Task details
For this task, output every entry below exactly and omit the pictures.

§

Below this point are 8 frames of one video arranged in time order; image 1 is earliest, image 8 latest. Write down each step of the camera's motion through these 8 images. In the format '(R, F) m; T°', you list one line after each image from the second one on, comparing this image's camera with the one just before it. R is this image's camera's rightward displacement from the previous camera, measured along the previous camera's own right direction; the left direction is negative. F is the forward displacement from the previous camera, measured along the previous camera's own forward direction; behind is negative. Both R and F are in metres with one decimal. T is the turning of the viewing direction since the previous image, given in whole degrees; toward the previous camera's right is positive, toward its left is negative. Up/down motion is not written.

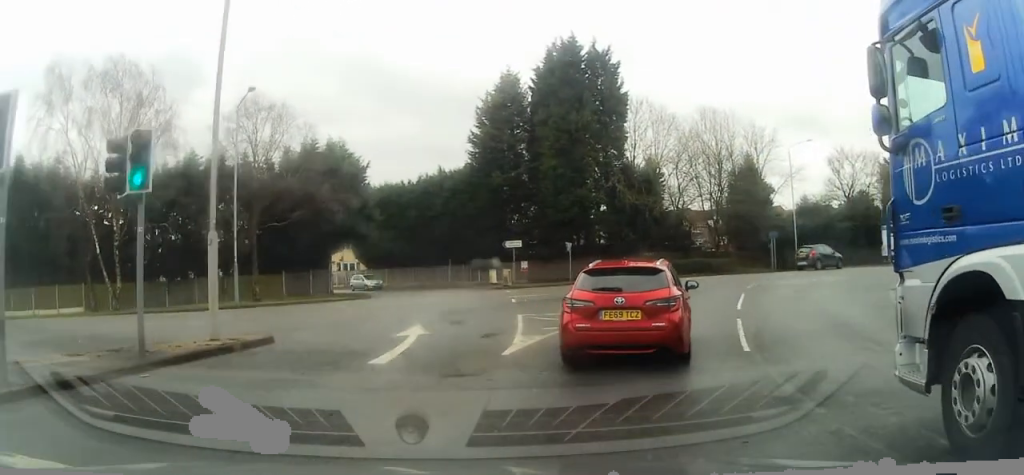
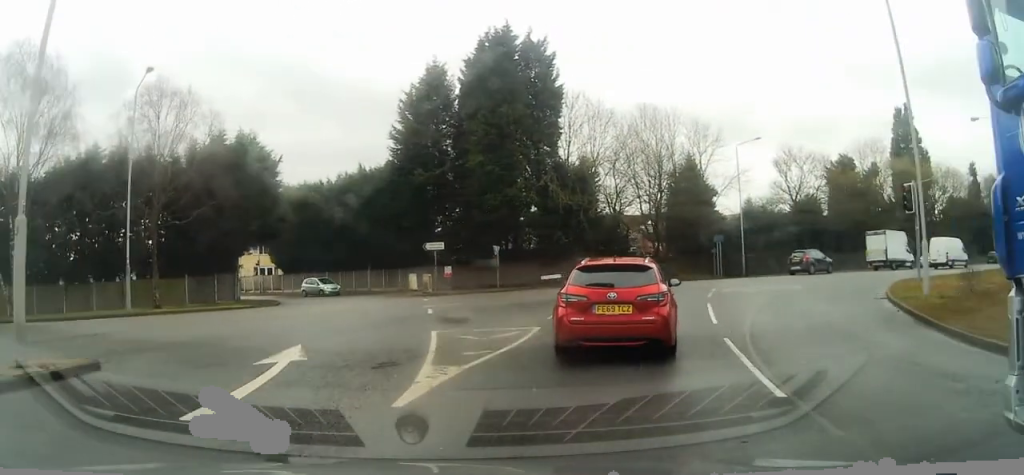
(+0.4, +4.0) m; +7°
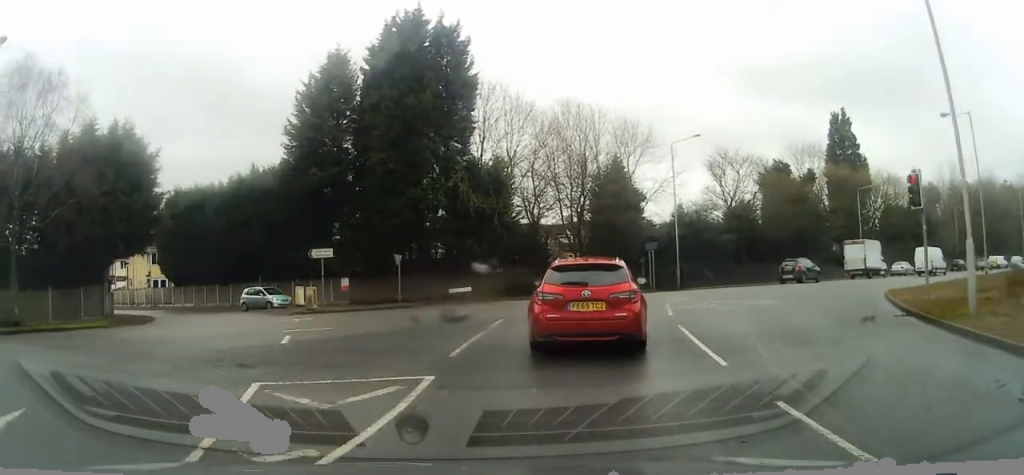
(+0.4, +5.7) m; +4°
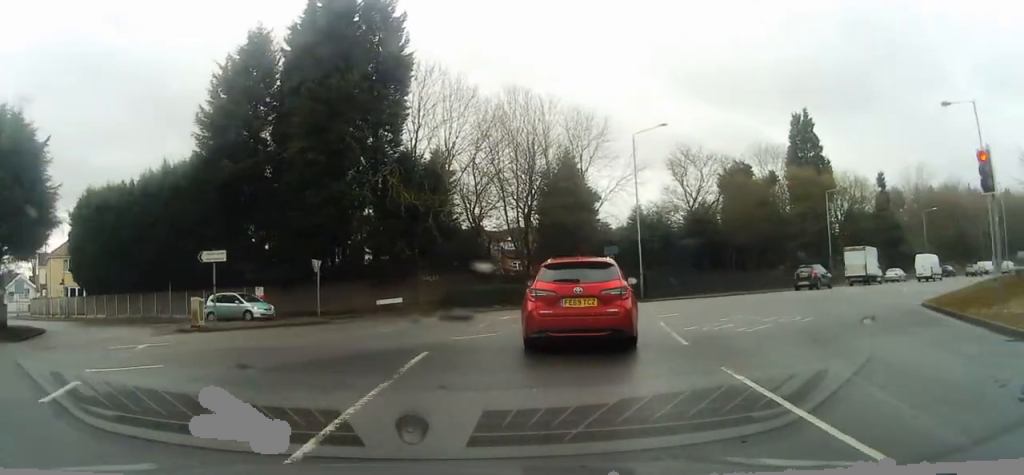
(-0.3, +6.0) m; +5°
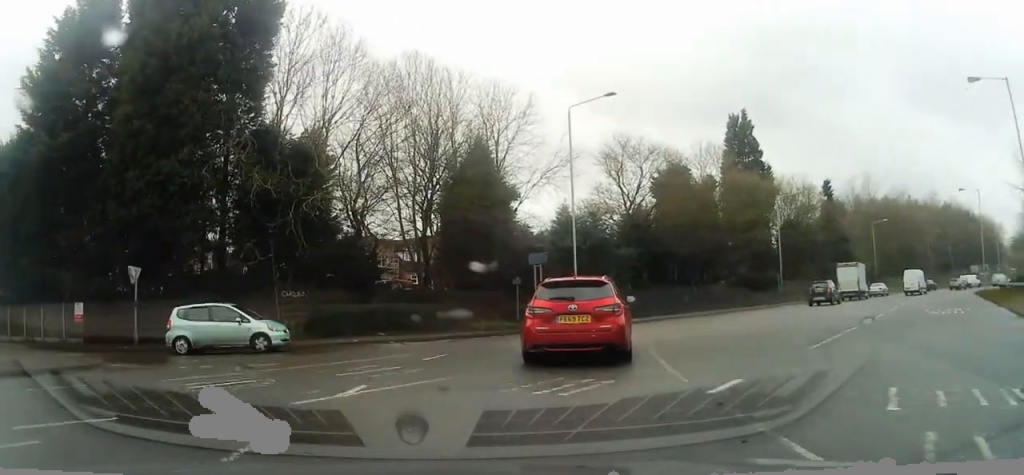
(+1.4, +10.0) m; +11°
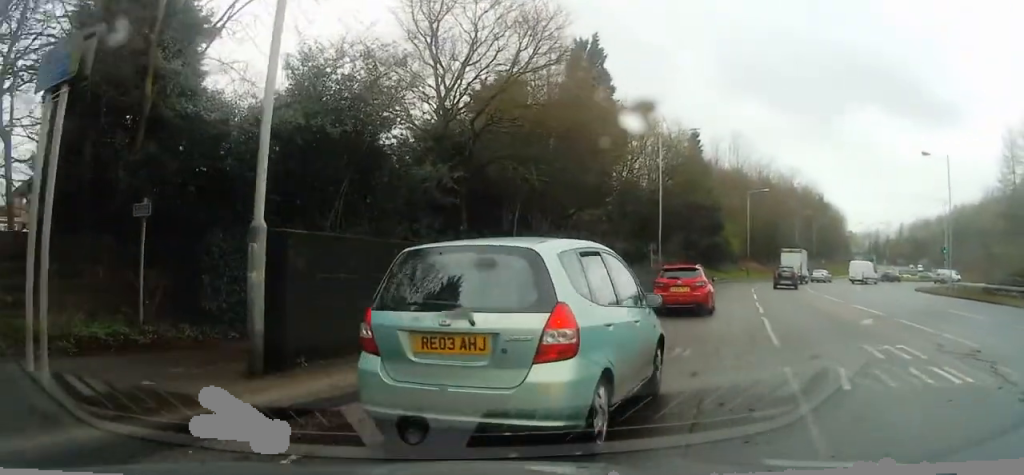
(+1.7, +21.1) m; +12°
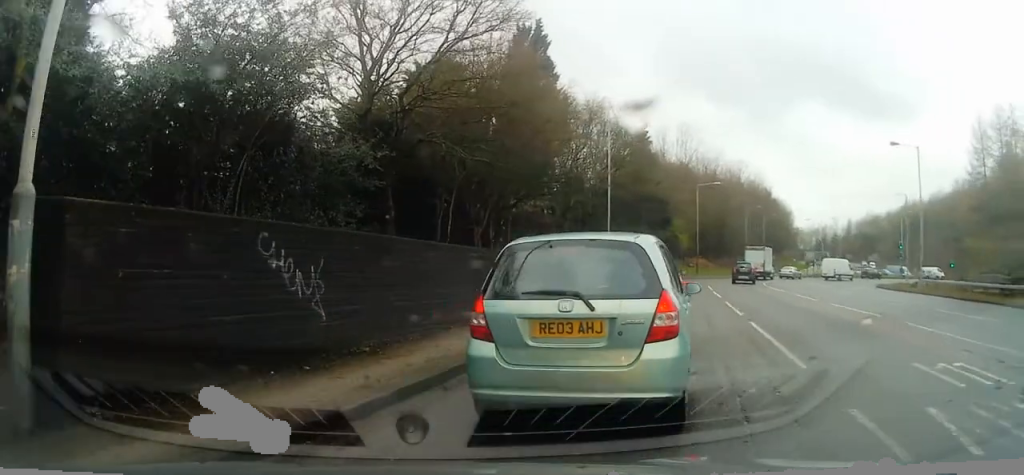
(+0.3, +3.7) m; +8°
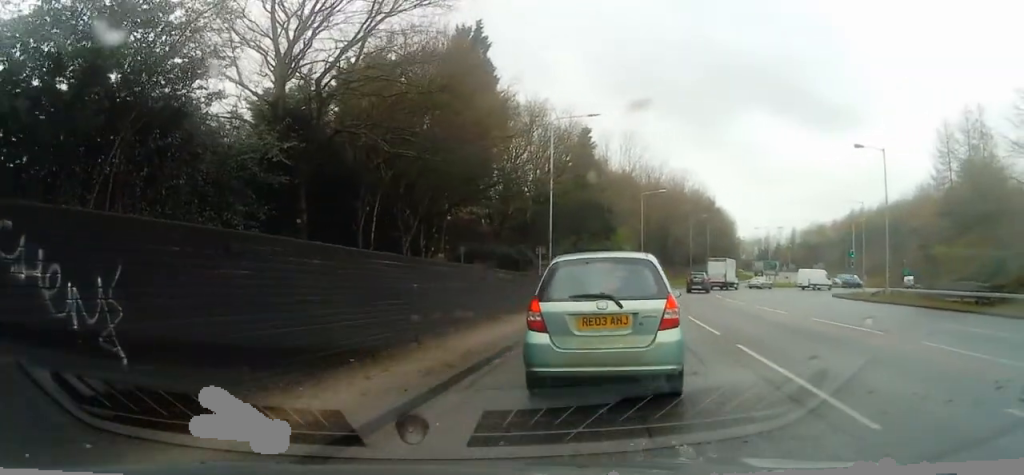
(+0.6, +3.7) m; +10°

§

Written solution
Below this point are 8 frames of one video arranged in time order; image 1 is earliest, image 8 latest. Write down each step of the camera's motion through these 8 images. In the format '(R, F) m; T°', you list one line after each image from the second one on, comparing this image's camera with the one just before it. R is this image's camera's rightward displacement from the previous camera, measured along the previous camera's own right direction; the left direction is negative. F is the forward displacement from the previous camera, measured along the previous camera's own forward direction; behind is negative. Both R and F are in metres with one decimal. T is the turning of the viewing direction since the previous image, given in whole degrees; toward the previous camera's right is positive, toward its left is negative. Up/down motion is not written.

(+0.4, +4.0) m; +7°
(+0.4, +5.7) m; +4°
(-0.3, +6.0) m; +5°
(+1.4, +10.0) m; +11°
(+1.7, +21.1) m; +12°
(+0.3, +3.7) m; +8°
(+0.6, +3.7) m; +10°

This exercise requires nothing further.